■ WHAT YOU ARE ASKED TO DO: Set out the records again, keeping every word as it is.

■ RAW DATA:
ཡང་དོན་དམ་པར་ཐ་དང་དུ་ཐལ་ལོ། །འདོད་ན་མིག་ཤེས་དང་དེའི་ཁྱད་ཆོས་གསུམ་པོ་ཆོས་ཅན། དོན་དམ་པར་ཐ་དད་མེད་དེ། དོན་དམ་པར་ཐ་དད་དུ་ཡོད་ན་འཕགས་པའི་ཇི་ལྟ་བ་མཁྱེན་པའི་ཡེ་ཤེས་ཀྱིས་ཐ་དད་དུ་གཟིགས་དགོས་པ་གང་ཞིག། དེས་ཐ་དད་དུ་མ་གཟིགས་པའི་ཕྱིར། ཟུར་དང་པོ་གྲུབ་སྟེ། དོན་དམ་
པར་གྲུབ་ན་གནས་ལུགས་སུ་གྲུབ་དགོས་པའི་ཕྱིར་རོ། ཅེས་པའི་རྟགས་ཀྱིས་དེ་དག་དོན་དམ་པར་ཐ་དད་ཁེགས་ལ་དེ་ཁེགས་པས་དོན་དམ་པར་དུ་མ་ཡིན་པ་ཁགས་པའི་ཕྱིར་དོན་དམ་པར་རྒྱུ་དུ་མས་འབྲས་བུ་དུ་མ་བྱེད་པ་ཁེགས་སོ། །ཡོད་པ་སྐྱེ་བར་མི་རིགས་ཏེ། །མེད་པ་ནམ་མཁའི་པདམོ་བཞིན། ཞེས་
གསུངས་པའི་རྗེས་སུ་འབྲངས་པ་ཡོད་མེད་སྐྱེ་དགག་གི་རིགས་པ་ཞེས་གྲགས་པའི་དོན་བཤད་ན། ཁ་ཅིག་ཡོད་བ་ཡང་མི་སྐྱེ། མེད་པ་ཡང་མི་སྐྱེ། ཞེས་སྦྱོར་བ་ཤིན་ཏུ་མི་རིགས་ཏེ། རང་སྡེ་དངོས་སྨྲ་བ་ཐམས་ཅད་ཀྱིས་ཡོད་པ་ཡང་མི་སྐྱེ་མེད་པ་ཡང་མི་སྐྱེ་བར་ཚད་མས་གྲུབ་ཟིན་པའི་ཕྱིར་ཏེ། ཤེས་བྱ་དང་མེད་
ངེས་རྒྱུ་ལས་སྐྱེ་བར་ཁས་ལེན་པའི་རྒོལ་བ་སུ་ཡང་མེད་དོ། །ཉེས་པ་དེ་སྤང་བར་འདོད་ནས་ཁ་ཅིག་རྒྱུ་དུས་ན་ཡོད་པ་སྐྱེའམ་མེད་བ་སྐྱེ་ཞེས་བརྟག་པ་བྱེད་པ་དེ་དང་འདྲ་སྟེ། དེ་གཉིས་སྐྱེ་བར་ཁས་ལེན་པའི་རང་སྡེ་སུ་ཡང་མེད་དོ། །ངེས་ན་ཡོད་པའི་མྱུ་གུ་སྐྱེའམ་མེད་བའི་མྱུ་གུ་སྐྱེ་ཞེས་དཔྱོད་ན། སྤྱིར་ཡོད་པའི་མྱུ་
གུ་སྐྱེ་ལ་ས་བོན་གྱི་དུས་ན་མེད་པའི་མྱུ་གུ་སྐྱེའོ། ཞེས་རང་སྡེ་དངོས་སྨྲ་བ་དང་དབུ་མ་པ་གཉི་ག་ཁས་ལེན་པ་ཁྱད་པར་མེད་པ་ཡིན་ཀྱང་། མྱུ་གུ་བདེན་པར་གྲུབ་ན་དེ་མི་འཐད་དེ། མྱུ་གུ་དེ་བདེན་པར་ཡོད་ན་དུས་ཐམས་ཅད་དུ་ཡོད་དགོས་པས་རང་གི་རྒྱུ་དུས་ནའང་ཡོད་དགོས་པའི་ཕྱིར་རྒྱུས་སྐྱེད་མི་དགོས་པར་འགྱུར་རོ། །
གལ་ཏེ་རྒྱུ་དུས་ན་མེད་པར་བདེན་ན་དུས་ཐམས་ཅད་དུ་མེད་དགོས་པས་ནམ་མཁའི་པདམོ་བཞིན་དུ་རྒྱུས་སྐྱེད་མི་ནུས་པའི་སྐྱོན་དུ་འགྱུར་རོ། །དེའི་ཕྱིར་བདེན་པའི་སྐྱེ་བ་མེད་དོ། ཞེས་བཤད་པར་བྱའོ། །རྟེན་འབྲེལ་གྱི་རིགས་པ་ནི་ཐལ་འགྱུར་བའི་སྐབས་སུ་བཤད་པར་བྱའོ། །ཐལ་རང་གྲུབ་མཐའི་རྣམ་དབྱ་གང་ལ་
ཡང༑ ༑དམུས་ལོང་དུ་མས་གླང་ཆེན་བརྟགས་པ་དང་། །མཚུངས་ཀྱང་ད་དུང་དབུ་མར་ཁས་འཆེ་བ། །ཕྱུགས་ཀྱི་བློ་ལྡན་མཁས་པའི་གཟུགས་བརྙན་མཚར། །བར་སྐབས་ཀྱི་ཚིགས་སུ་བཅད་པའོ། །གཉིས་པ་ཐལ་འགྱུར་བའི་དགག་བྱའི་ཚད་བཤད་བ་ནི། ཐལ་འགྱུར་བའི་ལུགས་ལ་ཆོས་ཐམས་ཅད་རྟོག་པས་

■ THE ANSWER:
ཡང་དོན་དམ་པར་ཐ་དང་དུ་ཐལ་ལོ། །འདོད་ན་མིག་ཤེས་དང་དེའི་ཁྱད་ཆོས་གསུམ་པོ་ཆོས་ཅན། དོན་དམ་པར་ཐ་དད་མེད་དེ། དོན་དམ་པར་ཐ་དད་དུ་ཡོད་ན་འཕགས་པའི་ཇི་ལྟ་བ་མཁྱེན་པའི་ཡེ་ཤེས་ཀྱིས་ཐ་དད་དུ་གཟིགས་དགོས་པ་གང་ཞིག། དེས་ཐ་དད་དུ་མ་གཟིགས་པའི་ཕྱིར། ཟུར་དང་པོ་གྲུབ་སྟེ། དོན་དམ་
པར་གྲུབ་ན་གནས་ལུགས་སུ་གྲུབ་དགོས་པའི་ཕྱིར་རོ། ཅེས་པའི་རྟགས་ཀྱིས་དེ་དག་དོན་དམ་པར་ཐ་དད་ཁེགས་ལ་དེ་ཁེགས་པས་དོན་དམ་པར་དུ་མ་ཡིན་པ་ཁགས་པའི་ཕྱིར་དོན་དམ་པར་རྒྱུ་དུ་མས་འབྲས་བུ་དུ་མ་བྱེད་པ་ཁེགས་སོ། །ཡོད་པ་སྐྱེ་བར་མི་རིགས་ཏེ། །མེད་པ་ནམ་མཁའི་པདམོ་བཞིན། ཞེས་
གསུངས་པའི་རྗེས་སུ་འབྲངས་པ་ཡོད་མེད་སྐྱེ་དགག་གི་རིགས་པ་ཞེས་གྲགས་པའི་དོན་བཤད་ན། ཁ་ཅིག་ཡོད་བ་ཡང་མི་སྐྱེ། མེད་པ་ཡང་མི་སྐྱེ། ཞེས་སྦྱོར་བ་ཤིན་ཏུ་མི་རིགས་ཏེ། རང་སྡེ་དངོས་སྨྲ་བ་ཐམས་ཅད་ཀྱིས་ཡོད་པ་ཡང་མི་སྐྱེ་མེད་པ་ཡང་མི་སྐྱེ་བར་ཚད་མས་གྲུབ་ཟིན་པའི་ཕྱིར་ཏེ། ཤེས་བྱ་དང་མེད་
ངེས་རྒྱུ་ལས་སྐྱེ་བར་ཁས་ལེན་པའི་རྒོལ་བ་སུ་ཡང་མེད་དོ། །ཉེས་པ་དེ་སྤང་བར་འདོད་ནས་ཁ་ཅིག་རྒྱུ་དུས་ན་ཡོད་པ་སྐྱེའམ་མེད་བ་སྐྱེ་ཞེས་བརྟག་པ་བྱེད་པ་དེ་དང་འདྲ་སྟེ། དེ་གཉིས་སྐྱེ་བར་ཁས་ལེན་པའི་རང་སྡེ་སུ་ཡང་མེད་དོ། །ངེས་ན་ཡོད་པའི་མྱུ་གུ་སྐྱེའམ་མེད་བའི་མྱུ་གུ་སྐྱེ་ཞེས་དཔྱོད་ན། སྤྱིར་ཡོད་པའི་མྱུ་
གུ་སྐྱེ་ལ་ས་བོན་གྱི་དུས་ན་མེད་པའི་མྱུ་གུ་སྐྱེའོ། ཞེས་རང་སྡེ་དངོས་སྨྲ་བ་དང་དབུ་མ་པ་གཉི་ག་ཁས་ལེན་པ་ཁྱད་པར་མེད་པ་ཡིན་ཀྱང་། མྱུ་གུ་བདེན་པར་གྲུབ་ན་དེ་མི་འཐད་དེ། མྱུ་གུ་དེ་བདེན་པར་ཡོད་ན་དུས་ཐམས་ཅད་དུ་ཡོད་དགོས་པས་རང་གི་རྒྱུ་དུས་ནའང་ཡོད་དགོས་པའི་ཕྱིར་རྒྱུས་སྐྱེད་མི་དགོས་པར་འགྱུར་རོ། །
གལ་ཏེ་རྒྱུ་དུས་ན་མེད་པར་བདེན་ན་དུས་ཐམས་ཅད་དུ་མེད་དགོས་པས་ནམ་མཁའི་པདམོ་བཞིན་དུ་རྒྱུས་སྐྱེད་མི་ནུས་པའི་སྐྱོན་དུ་འགྱུར་རོ། །དེའི་ཕྱིར་བདེན་པའི་སྐྱེ་བ་མེད་དོ། ཞེས་བཤད་པར་བྱའོ། །རྟེན་འབྲེལ་གྱི་རིགས་པ་ནི་ཐལ་འགྱུར་བའི་སྐབས་སུ་བཤད་པར་བྱའོ། །ཐལ་རང་གྲུབ་མཐའི་རྣམ་དབྱ་གང་ལ་
ཡང༑ ༑དམུས་ལོང་དུ་མས་གླང་ཆེན་བརྟགས་པ་དང་། །མཚུངས་ཀྱང་ད་དུང་དབུ་མར་ཁས་འཆེ་བ། །ཕྱུགས་ཀྱི་བློ་ལྡན་མཁས་པའི་གཟུགས་བརྙན་མཚར། །བར་སྐབས་ཀྱི་ཚིགས་སུ་བཅད་པའོ། །གཉིས་པ་ཐལ་འགྱུར་བའི་དགག་བྱའི་ཚད་བཤད་བ་ནི། ཐལ་འགྱུར་བའི་ལུགས་ལ་ཆོས་ཐམས་ཅད་རྟོག་པས་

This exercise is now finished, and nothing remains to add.